Rinoceronte saltou com velocidade surpreendente e o atingiu com um gancho poderoso no estômago. O impacto o lançou para cima, fazendo-o bater violentamente contra o teto e cuspir sangue. Em seguida, enquanto ele caía, Rinoceronte cravou o machado no chão, uniu as mãos e desferiu um golpe brutal nas costas de Yujiro, abrindo uma cratera sob o impacto.
— Onde está toda a sua pose?! — disse o gigante aos berros — Você realmente achou que eu era lento?! Idiota, um Rinoceronte não é lento, e você aprendeu isso da pior maneira possível.
— E-Entendo… — o garoto tossiu, limpando o sangue da boca — Pelo visto, você dará mais trabalho do que eu imaginava… Esse golpe doeu bastante, mas agora eu sei aproximadamente a potência do seu soco. Com isso em mente, eu não preciso mais me preocupar.

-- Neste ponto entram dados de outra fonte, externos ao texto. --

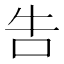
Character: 吿
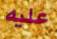
عليه
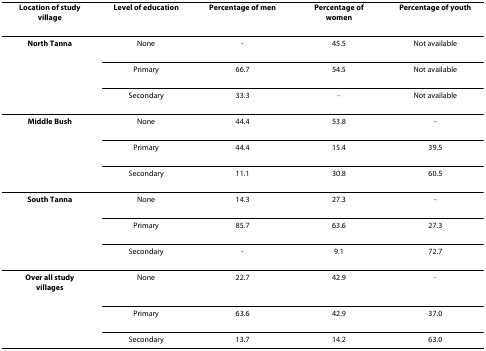
| Location of study village | Level of education | Percentage of men | Percentage of women | Percentage of youth |
 | --- | --- | --- | --- | --- |
 | North Tanna | None | - | 45.5 | Not available |
 |  | Primary | 66.7 | 54.5 | Not available |
 |  | Secondary | 33.3 | - | Not available |
 | Middle Bush | None | 44.4 | 53.8 | - |
 |  | Primary | 44.4 | 15.4 | 39.5 |
 |  | Secondary | 11.1 | 30.8 | 60.5 |
 | South Tanna | None | 14.3 | 27.3 | - |
 |  | Primary | 85.7 | 63.6 | 27.3 |
 |  | Secondary | - | 9.1 | 72.7 |
 | Over all study villages | None | 22.7 | 42.9 | - |
 |  | Primary | 63.6 | 42.9 | 37.0 |
 |  | Secondary | 13.7 | 14.2 | 63.0 |
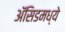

Yujiro se levantou com dificuldade. Endireitou o corpo, respirou fundo e, sem hesitar, avançou novamente. Começou a girar o chicote com rapidez, desferindo várias chicotadas em sequência. Rinoceronte arrancou o machado do chão e rebateu cada ataque, mas percebeu algo estranho, o garoto não parecia estar tentando atingi-lo.
Segundos depois, o gigante notou que o ambiente ao redor estava mudando. As paredes começaram a se fechar lentamente, o teto e o chão se movendo como se respondessem à vontade do próprio Yujiro.
— Sua Manifestação já está começando a me irritar! Acha que só porque você controla a terra, me vencerá?! Está enganado!!!
Rinoceronte cravou o machado na parede direita e segurou a parede esquerda com a outra mão. Sua força parecia crescer a cada instante; veias e músculos saltavam sob a pele.
— NADA É MAIS FORTE DO QUE EU!!!
Yujiro rangeu os dentes, avaliando a situação. Ele concluiu rapidamente que aquilo não era apenas força bruta comum.
— Você é um monstro!!! De onde vêm tanta força assim?! Mesmo para uma Manifestação, é quase impossível conter tanta força no corpo sem haver consequências. Você não é mais um Extra-humano, você é uma Fúria!
Sem hesitar, Yujiro chicoteou o piso e as paredes, fazendo espinhos de pedra brotarem na tentativa de conter o brutamontes. Rinoceronte, no entanto, destruiu a estrutura e avançou contra ele, forçando Yujiro a desviar para a direita por pouco.
— Ele também está mais rápido… — o garoto pensou em voz alta — Eu preciso contê-lo antes que ele se enfureça mais ainda. Se essa luta se prolongar, esse prédio corre o risco de desabar. Talvez eu possa atraí-lo para fora daqui, saindo por uma janela.
Ajoelhado por um momento, Yujiro traçou um plano. Sabia que Rinoceronte não seria enganado tão facilmente. Levantou-se e encarou o adversário que caminhava lentamente em sua direção. O local não era ideal para executar a manobra, então ele teria de recorrer a uma distração arriscada, algo completamente inusitado, até para si mesmo.